The problem => Every entry below must be retyped exactly, and the pictures must be left out.

(Data entries)
· · ·
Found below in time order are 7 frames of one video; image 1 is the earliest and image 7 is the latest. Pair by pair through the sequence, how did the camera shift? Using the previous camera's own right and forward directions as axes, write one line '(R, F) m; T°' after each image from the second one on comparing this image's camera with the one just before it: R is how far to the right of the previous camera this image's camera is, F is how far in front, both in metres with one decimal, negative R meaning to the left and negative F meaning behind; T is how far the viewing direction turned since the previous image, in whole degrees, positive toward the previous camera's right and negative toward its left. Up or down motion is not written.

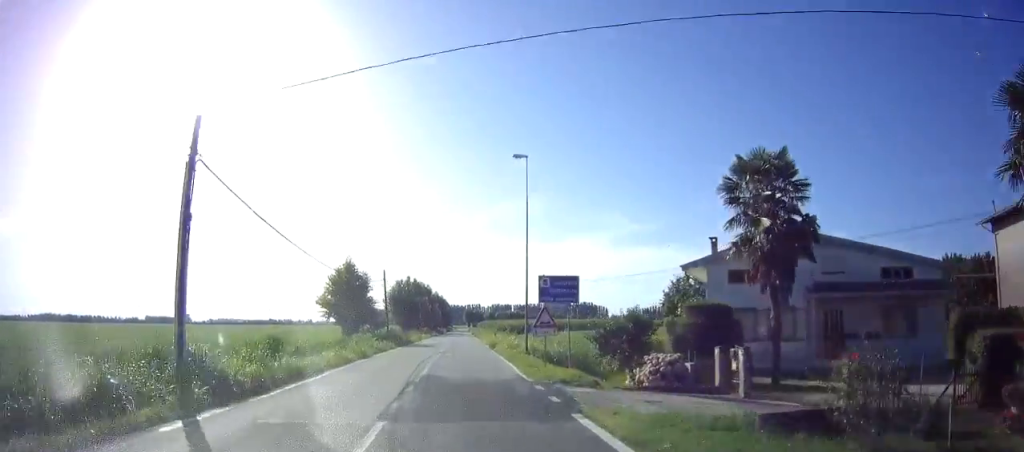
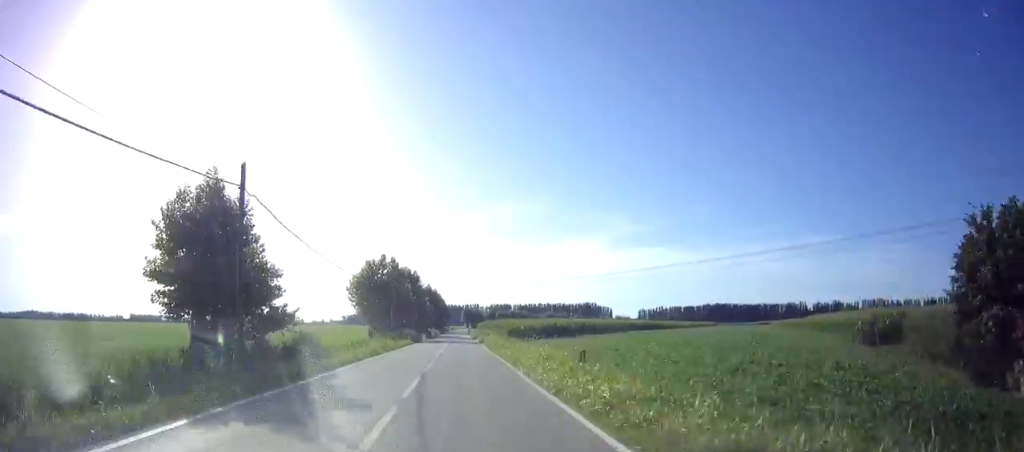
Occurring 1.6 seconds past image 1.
(-0.4, +30.2) m; 0°
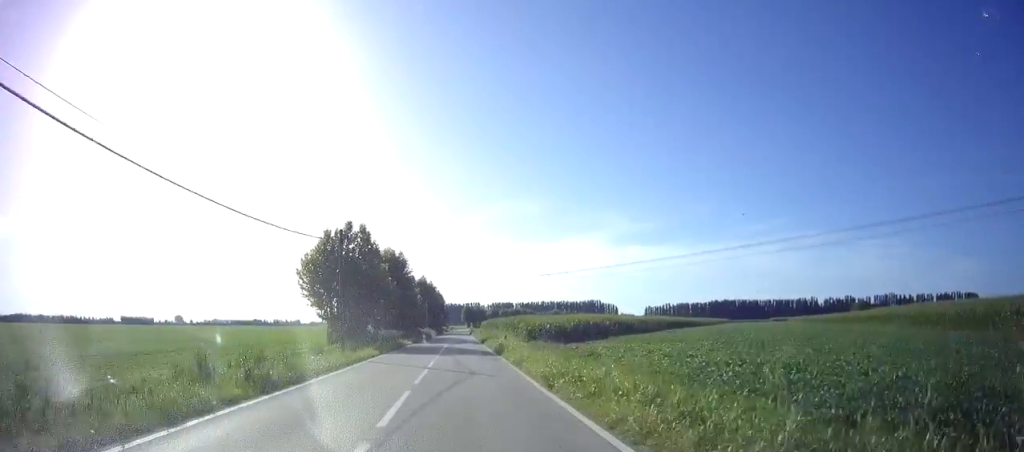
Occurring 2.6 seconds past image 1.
(+0.3, +20.7) m; +1°
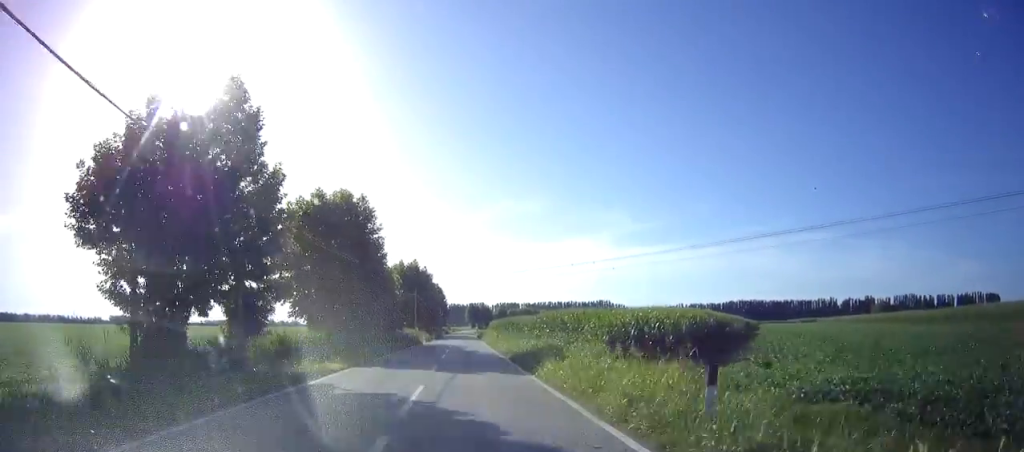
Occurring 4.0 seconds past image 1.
(-0.3, +28.2) m; -1°
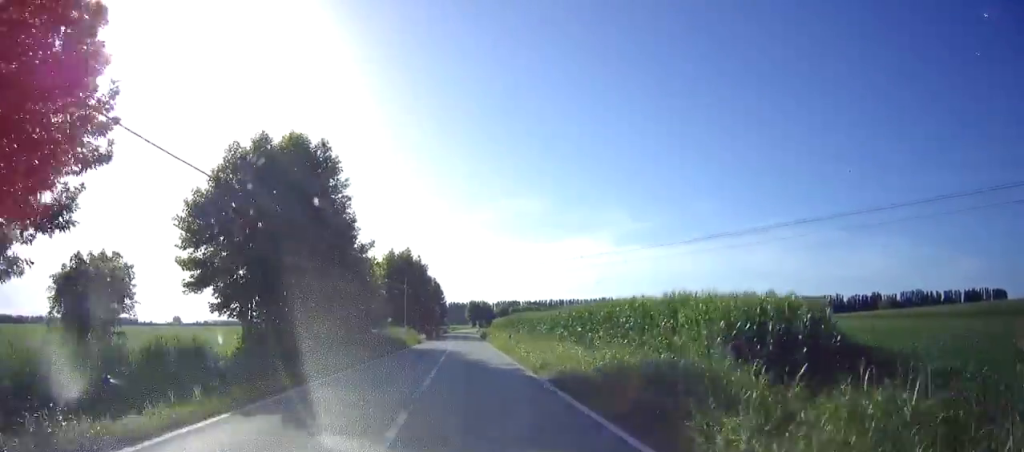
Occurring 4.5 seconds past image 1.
(0.0, +12.0) m; 0°
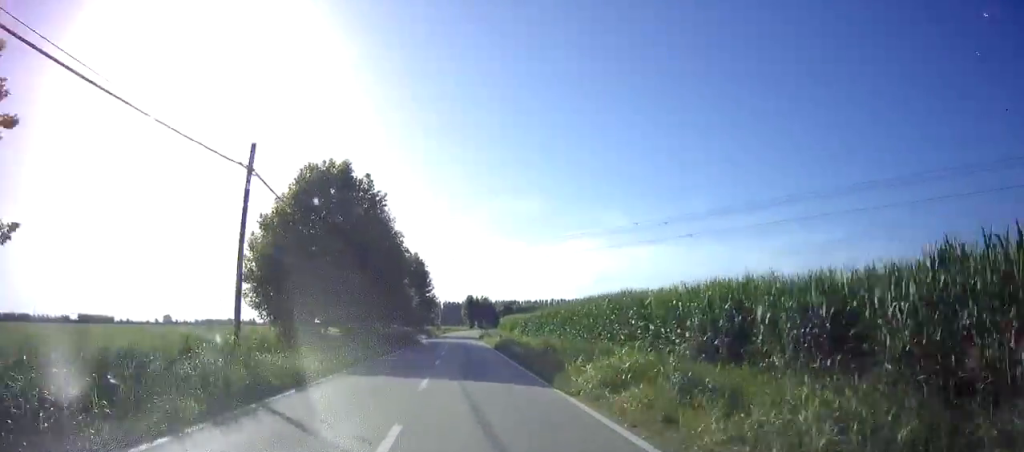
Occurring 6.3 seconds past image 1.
(+0.2, +37.8) m; 0°
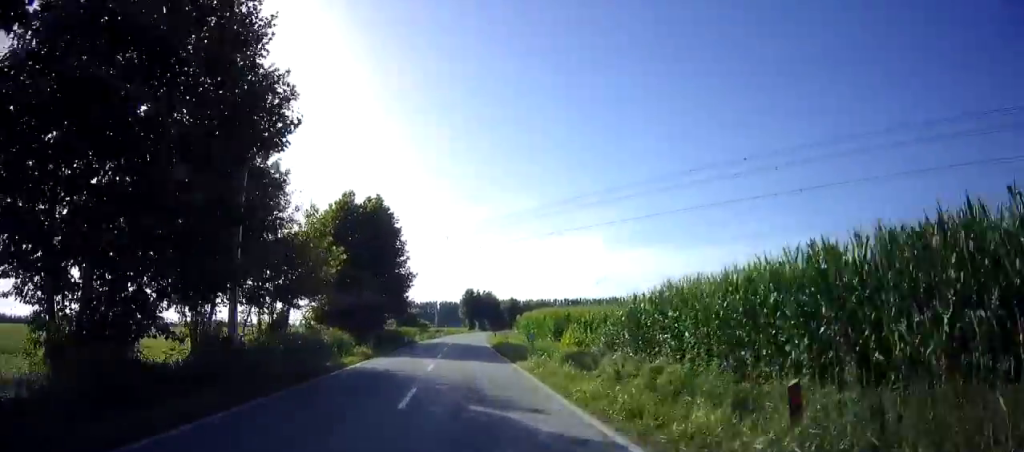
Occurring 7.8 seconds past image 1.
(+0.4, +32.9) m; +1°
· · ·
Result of this task =>
Found below in time order are 7 frames of one video; image 1 is the earliest and image 7 is the latest. Pair by pair through the sequence, how did the camera shift? Using the previous camera's own right and forward directions as axes, write one line '(R, F) m; T°' after each image from the second one on comparing this image's camera with the one just before it: R is how far to the right of the previous camera this image's camera is, F is how far in front, both in metres with one decimal, negative R meaning to the left and negative F meaning behind; T is how far the viewing direction turned since the previous image, in whole degrees, positive toward the previous camera's right and negative toward its left. Up or down motion is not written.

Occurring 1.6 seconds past image 1.
(-0.4, +30.2) m; 0°
Occurring 2.6 seconds past image 1.
(+0.3, +20.7) m; +1°
Occurring 4.0 seconds past image 1.
(-0.3, +28.2) m; -1°
Occurring 4.5 seconds past image 1.
(0.0, +12.0) m; 0°
Occurring 6.3 seconds past image 1.
(+0.2, +37.8) m; 0°
Occurring 7.8 seconds past image 1.
(+0.4, +32.9) m; +1°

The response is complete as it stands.